- _What the exercise asks_:
Each record below needs to be reproduced precisely, though not its pictures.

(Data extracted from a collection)
========================================================================

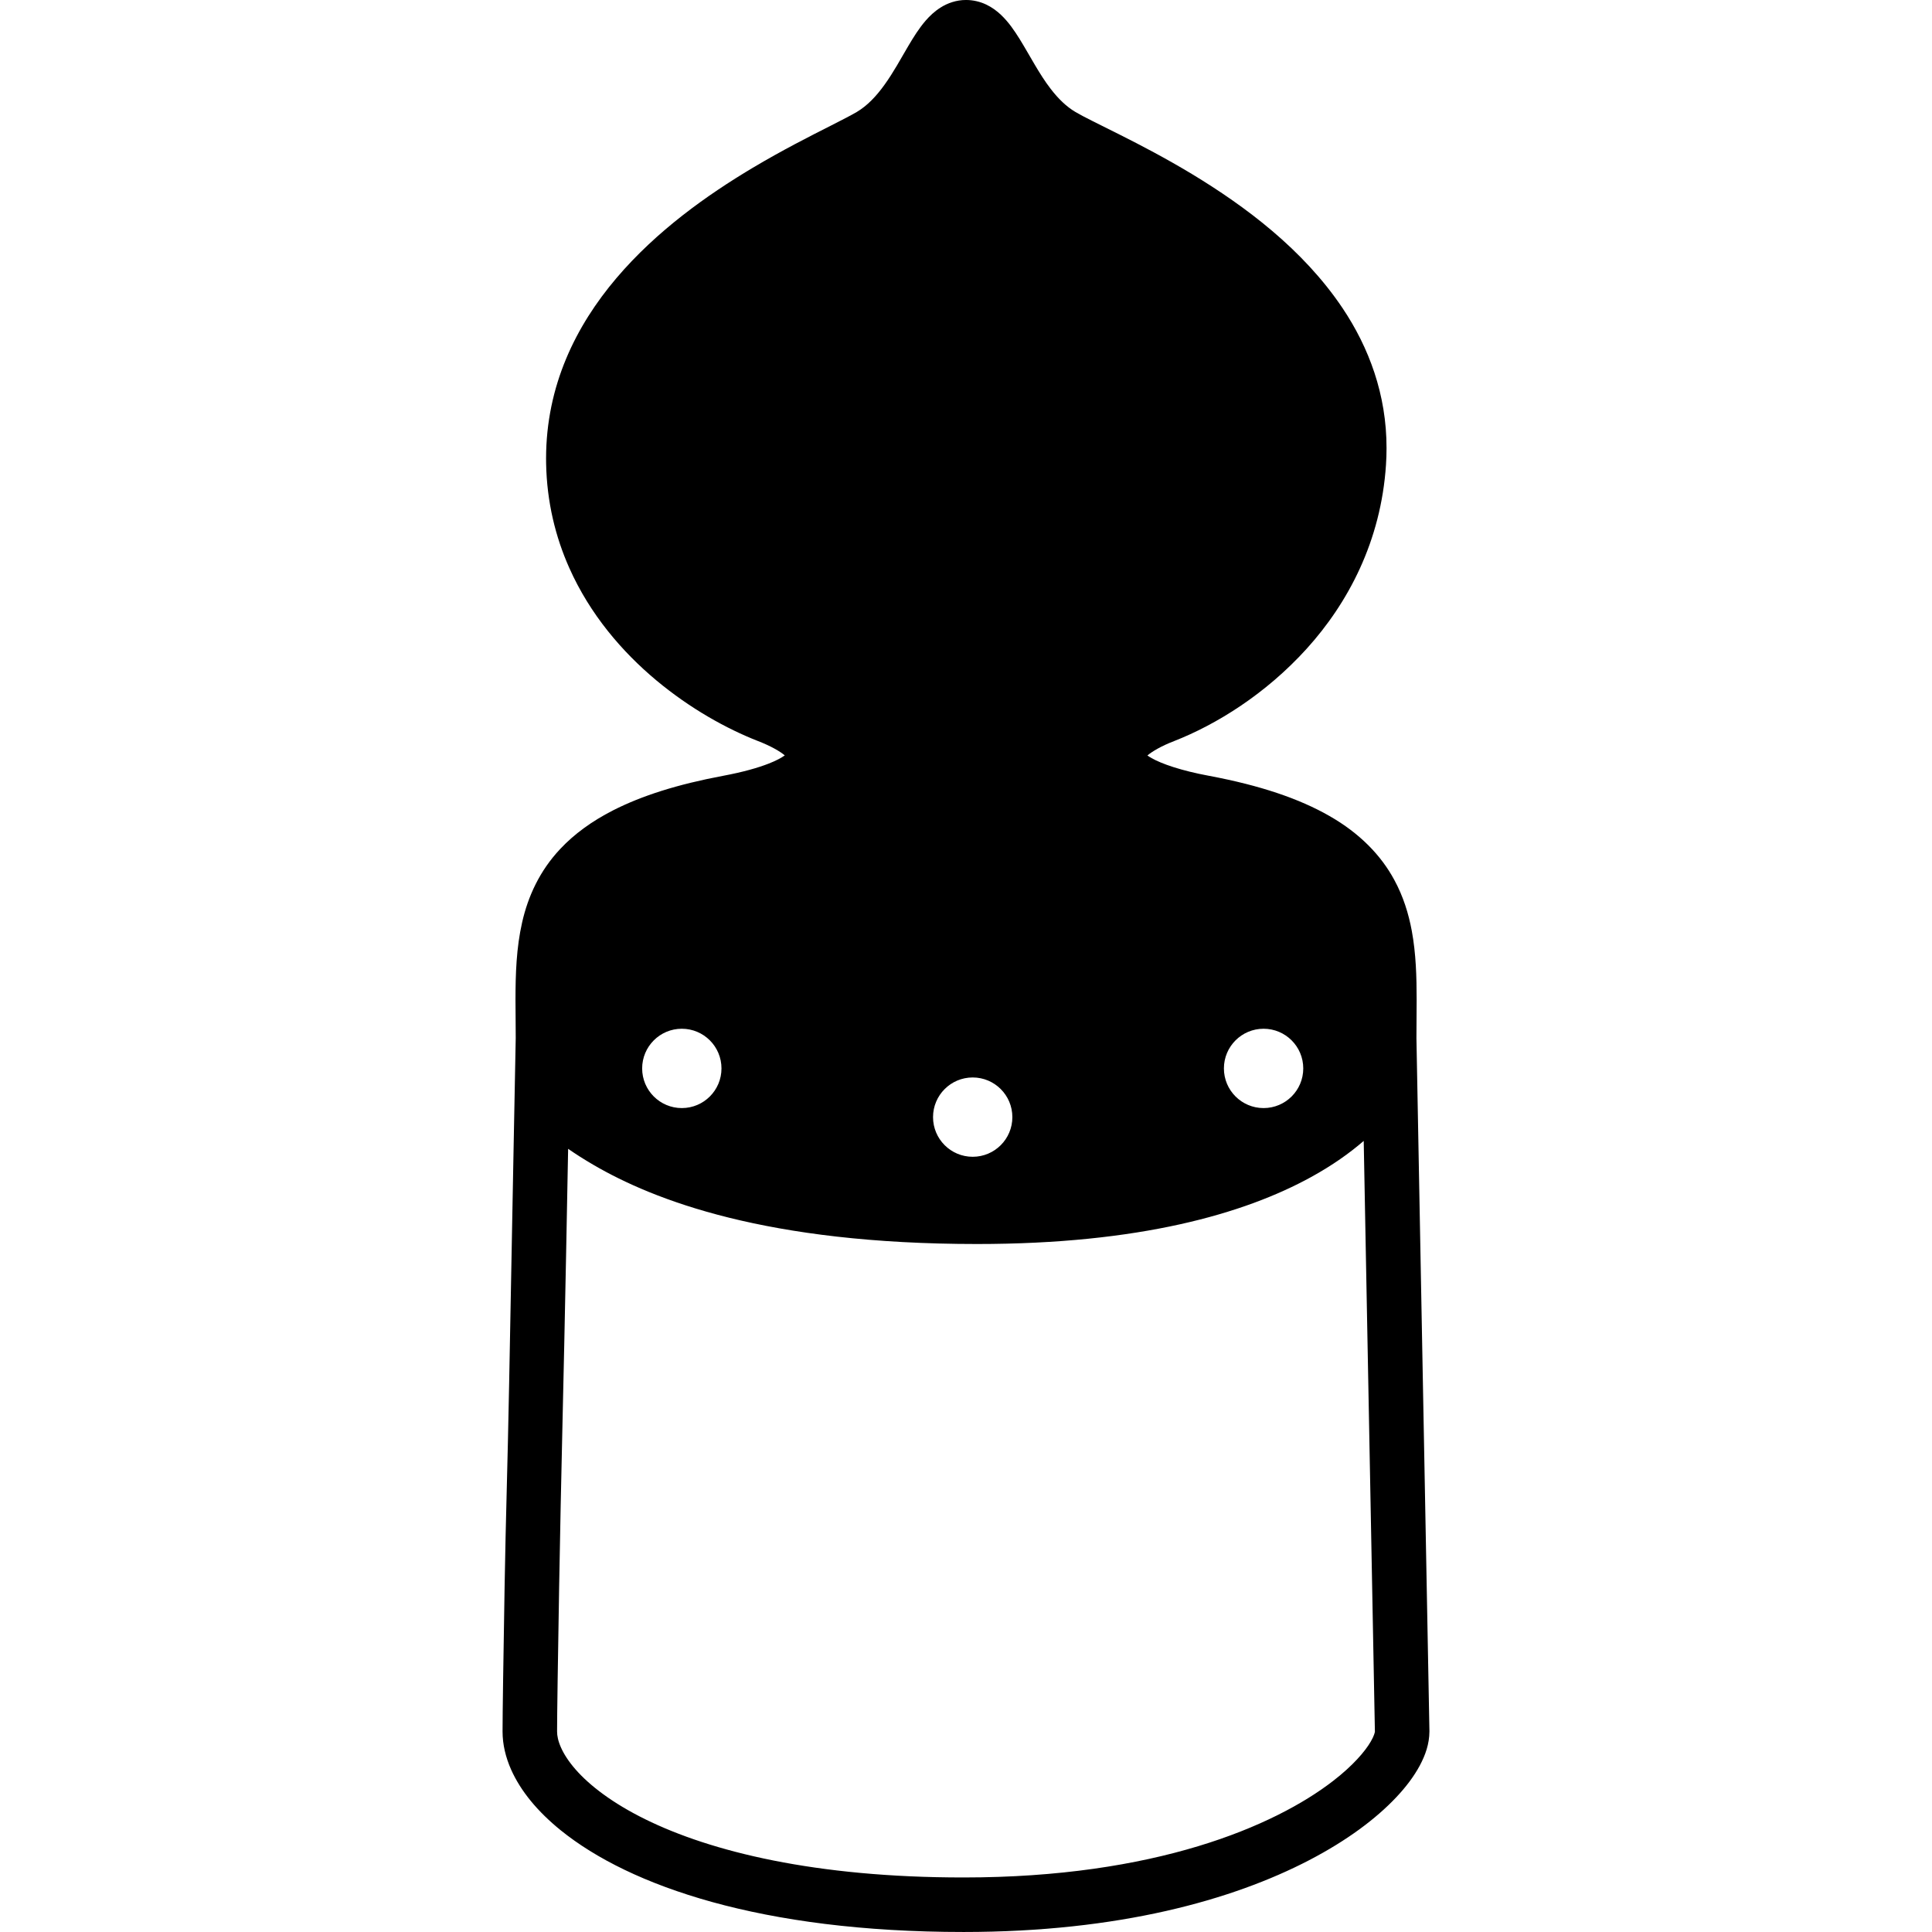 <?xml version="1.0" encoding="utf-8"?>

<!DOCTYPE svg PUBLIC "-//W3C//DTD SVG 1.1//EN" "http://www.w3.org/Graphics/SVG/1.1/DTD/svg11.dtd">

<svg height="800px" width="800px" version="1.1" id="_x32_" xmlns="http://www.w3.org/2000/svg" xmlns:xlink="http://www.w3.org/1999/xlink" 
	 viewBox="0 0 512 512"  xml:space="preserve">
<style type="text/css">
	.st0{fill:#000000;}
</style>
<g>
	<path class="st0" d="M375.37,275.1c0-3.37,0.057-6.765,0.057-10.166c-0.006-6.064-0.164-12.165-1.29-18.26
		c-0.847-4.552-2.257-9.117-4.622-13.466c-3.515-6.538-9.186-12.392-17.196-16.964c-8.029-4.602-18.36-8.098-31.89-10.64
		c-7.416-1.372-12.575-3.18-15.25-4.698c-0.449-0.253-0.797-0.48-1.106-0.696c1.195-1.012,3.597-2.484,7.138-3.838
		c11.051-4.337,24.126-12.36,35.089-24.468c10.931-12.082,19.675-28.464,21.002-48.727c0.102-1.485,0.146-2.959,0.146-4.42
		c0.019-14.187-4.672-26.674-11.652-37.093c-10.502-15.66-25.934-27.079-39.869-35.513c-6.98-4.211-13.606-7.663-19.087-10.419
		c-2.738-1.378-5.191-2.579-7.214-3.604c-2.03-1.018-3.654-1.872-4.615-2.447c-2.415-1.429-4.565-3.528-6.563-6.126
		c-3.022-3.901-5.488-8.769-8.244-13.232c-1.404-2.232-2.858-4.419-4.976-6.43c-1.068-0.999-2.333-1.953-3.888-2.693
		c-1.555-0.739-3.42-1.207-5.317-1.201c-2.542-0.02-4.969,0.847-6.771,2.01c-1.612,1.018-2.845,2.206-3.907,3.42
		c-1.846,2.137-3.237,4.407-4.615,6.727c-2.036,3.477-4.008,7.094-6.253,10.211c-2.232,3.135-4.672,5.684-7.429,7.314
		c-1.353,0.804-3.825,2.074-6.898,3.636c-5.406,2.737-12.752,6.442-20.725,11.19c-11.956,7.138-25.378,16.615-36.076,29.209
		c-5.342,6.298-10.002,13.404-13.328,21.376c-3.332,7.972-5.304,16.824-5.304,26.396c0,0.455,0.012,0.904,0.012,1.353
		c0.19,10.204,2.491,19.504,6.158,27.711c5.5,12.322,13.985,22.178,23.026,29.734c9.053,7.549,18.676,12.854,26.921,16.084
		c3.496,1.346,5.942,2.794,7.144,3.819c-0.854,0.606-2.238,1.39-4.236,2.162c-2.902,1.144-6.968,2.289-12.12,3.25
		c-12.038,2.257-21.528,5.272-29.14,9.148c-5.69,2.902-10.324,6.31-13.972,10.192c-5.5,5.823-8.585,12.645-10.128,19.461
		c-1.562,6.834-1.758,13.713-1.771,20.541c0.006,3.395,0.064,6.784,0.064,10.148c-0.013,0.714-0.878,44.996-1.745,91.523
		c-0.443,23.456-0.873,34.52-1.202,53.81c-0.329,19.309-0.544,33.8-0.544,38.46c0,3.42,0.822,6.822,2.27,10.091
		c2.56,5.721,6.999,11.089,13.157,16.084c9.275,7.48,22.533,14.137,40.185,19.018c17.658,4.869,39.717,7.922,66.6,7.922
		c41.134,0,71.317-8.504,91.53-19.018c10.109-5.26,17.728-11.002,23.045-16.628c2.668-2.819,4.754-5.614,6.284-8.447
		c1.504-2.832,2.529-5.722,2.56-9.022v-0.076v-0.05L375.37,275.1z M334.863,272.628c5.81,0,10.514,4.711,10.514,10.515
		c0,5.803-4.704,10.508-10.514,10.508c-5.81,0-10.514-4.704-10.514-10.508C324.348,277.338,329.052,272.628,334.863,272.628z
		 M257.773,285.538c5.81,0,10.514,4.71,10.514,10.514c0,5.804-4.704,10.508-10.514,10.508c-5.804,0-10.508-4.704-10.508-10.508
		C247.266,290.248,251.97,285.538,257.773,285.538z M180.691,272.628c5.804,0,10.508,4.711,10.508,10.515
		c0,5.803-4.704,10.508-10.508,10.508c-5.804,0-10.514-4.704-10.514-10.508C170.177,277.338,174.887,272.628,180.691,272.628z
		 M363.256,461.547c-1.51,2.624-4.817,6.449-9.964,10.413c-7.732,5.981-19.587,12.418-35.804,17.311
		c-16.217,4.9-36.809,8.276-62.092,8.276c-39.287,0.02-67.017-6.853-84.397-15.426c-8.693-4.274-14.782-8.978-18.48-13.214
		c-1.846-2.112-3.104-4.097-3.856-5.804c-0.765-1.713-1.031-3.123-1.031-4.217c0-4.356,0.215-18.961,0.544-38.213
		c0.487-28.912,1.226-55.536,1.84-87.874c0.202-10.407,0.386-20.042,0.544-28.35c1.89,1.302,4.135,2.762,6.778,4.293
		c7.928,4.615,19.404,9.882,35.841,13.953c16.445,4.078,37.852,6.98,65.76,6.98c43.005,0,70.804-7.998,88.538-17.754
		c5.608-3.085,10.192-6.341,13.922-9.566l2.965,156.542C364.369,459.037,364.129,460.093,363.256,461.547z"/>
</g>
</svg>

========================================================================

- _Problem solution_:
 <?xml version="1.0" encoding="utf-8"?>

<!DOCTYPE svg PUBLIC "-//W3C//DTD SVG 1.1//EN" "http://www.w3.org/Graphics/SVG/1.1/DTD/svg11.dtd">

<svg height="800px" width="800px" version="1.1" id="_x32_" xmlns="http://www.w3.org/2000/svg" xmlns:xlink="http://www.w3.org/1999/xlink" 
	 viewBox="0 0 512 512"  xml:space="preserve">
<style type="text/css">
	.st0{fill:#000000;}
</style>
<g>
	<path class="st0" d="M375.37,275.1c0-3.37,0.057-6.765,0.057-10.166c-0.006-6.064-0.164-12.165-1.29-18.26
		c-0.847-4.552-2.257-9.117-4.622-13.466c-3.515-6.538-9.186-12.392-17.196-16.964c-8.029-4.602-18.36-8.098-31.89-10.64
		c-7.416-1.372-12.575-3.18-15.25-4.698c-0.449-0.253-0.797-0.48-1.106-0.696c1.195-1.012,3.597-2.484,7.138-3.838
		c11.051-4.337,24.126-12.36,35.089-24.468c10.931-12.082,19.675-28.464,21.002-48.727c0.102-1.485,0.146-2.959,0.146-4.42
		c0.019-14.187-4.672-26.674-11.652-37.093c-10.502-15.66-25.934-27.079-39.869-35.513c-6.98-4.211-13.606-7.663-19.087-10.419
		c-2.738-1.378-5.191-2.579-7.214-3.604c-2.03-1.018-3.654-1.872-4.615-2.447c-2.415-1.429-4.565-3.528-6.563-6.126
		c-3.022-3.901-5.488-8.769-8.244-13.232c-1.404-2.232-2.858-4.419-4.976-6.43c-1.068-0.999-2.333-1.953-3.888-2.693
		c-1.555-0.739-3.42-1.207-5.317-1.201c-2.542-0.02-4.969,0.847-6.771,2.01c-1.612,1.018-2.845,2.206-3.907,3.42
		c-1.846,2.137-3.237,4.407-4.615,6.727c-2.036,3.477-4.008,7.094-6.253,10.211c-2.232,3.135-4.672,5.684-7.429,7.314
		c-1.353,0.804-3.825,2.074-6.898,3.636c-5.406,2.737-12.752,6.442-20.725,11.19c-11.956,7.138-25.378,16.615-36.076,29.209
		c-5.342,6.298-10.002,13.404-13.328,21.376c-3.332,7.972-5.304,16.824-5.304,26.396c0,0.455,0.012,0.904,0.012,1.353
		c0.19,10.204,2.491,19.504,6.158,27.711c5.5,12.322,13.985,22.178,23.026,29.734c9.053,7.549,18.676,12.854,26.921,16.084
		c3.496,1.346,5.942,2.794,7.144,3.819c-0.854,0.606-2.238,1.39-4.236,2.162c-2.902,1.144-6.968,2.289-12.12,3.25
		c-12.038,2.257-21.528,5.272-29.14,9.148c-5.69,2.902-10.324,6.31-13.972,10.192c-5.5,5.823-8.585,12.645-10.128,19.461
		c-1.562,6.834-1.758,13.713-1.771,20.541c0.006,3.395,0.064,6.784,0.064,10.148c-0.013,0.714-0.878,44.996-1.745,91.523
		c-0.443,23.456-0.873,34.52-1.202,53.81c-0.329,19.309-0.544,33.8-0.544,38.46c0,3.42,0.822,6.822,2.27,10.091
		c2.56,5.721,6.999,11.089,13.157,16.084c9.275,7.48,22.533,14.137,40.185,19.018c17.658,4.869,39.717,7.922,66.6,7.922
		c41.134,0,71.317-8.504,91.53-19.018c10.109-5.26,17.728-11.002,23.045-16.628c2.668-2.819,4.754-5.614,6.284-8.447
		c1.504-2.832,2.529-5.722,2.56-9.022v-0.076v-0.05L375.37,275.1z M334.863,272.628c5.81,0,10.514,4.711,10.514,10.515
		c0,5.803-4.704,10.508-10.514,10.508c-5.81,0-10.514-4.704-10.514-10.508C324.348,277.338,329.052,272.628,334.863,272.628z
		 M257.773,285.538c5.81,0,10.514,4.71,10.514,10.514c0,5.804-4.704,10.508-10.514,10.508c-5.804,0-10.508-4.704-10.508-10.508
		C247.266,290.248,251.97,285.538,257.773,285.538z M180.691,272.628c5.804,0,10.508,4.711,10.508,10.515
		c0,5.803-4.704,10.508-10.508,10.508c-5.804,0-10.514-4.704-10.514-10.508C170.177,277.338,174.887,272.628,180.691,272.628z
		 M363.256,461.547c-1.51,2.624-4.817,6.449-9.964,10.413c-7.732,5.981-19.587,12.418-35.804,17.311
		c-16.217,4.9-36.809,8.276-62.092,8.276c-39.287,0.02-67.017-6.853-84.397-15.426c-8.693-4.274-14.782-8.978-18.48-13.214
		c-1.846-2.112-3.104-4.097-3.856-5.804c-0.765-1.713-1.031-3.123-1.031-4.217c0-4.356,0.215-18.961,0.544-38.213
		c0.487-28.912,1.226-55.536,1.84-87.874c0.202-10.407,0.386-20.042,0.544-28.35c1.89,1.302,4.135,2.762,6.778,4.293
		c7.928,4.615,19.404,9.882,35.841,13.953c16.445,4.078,37.852,6.98,65.76,6.98c43.005,0,70.804-7.998,88.538-17.754
		c5.608-3.085,10.192-6.341,13.922-9.566l2.965,156.542C364.369,459.037,364.129,460.093,363.256,461.547z"/>
</g>
</svg>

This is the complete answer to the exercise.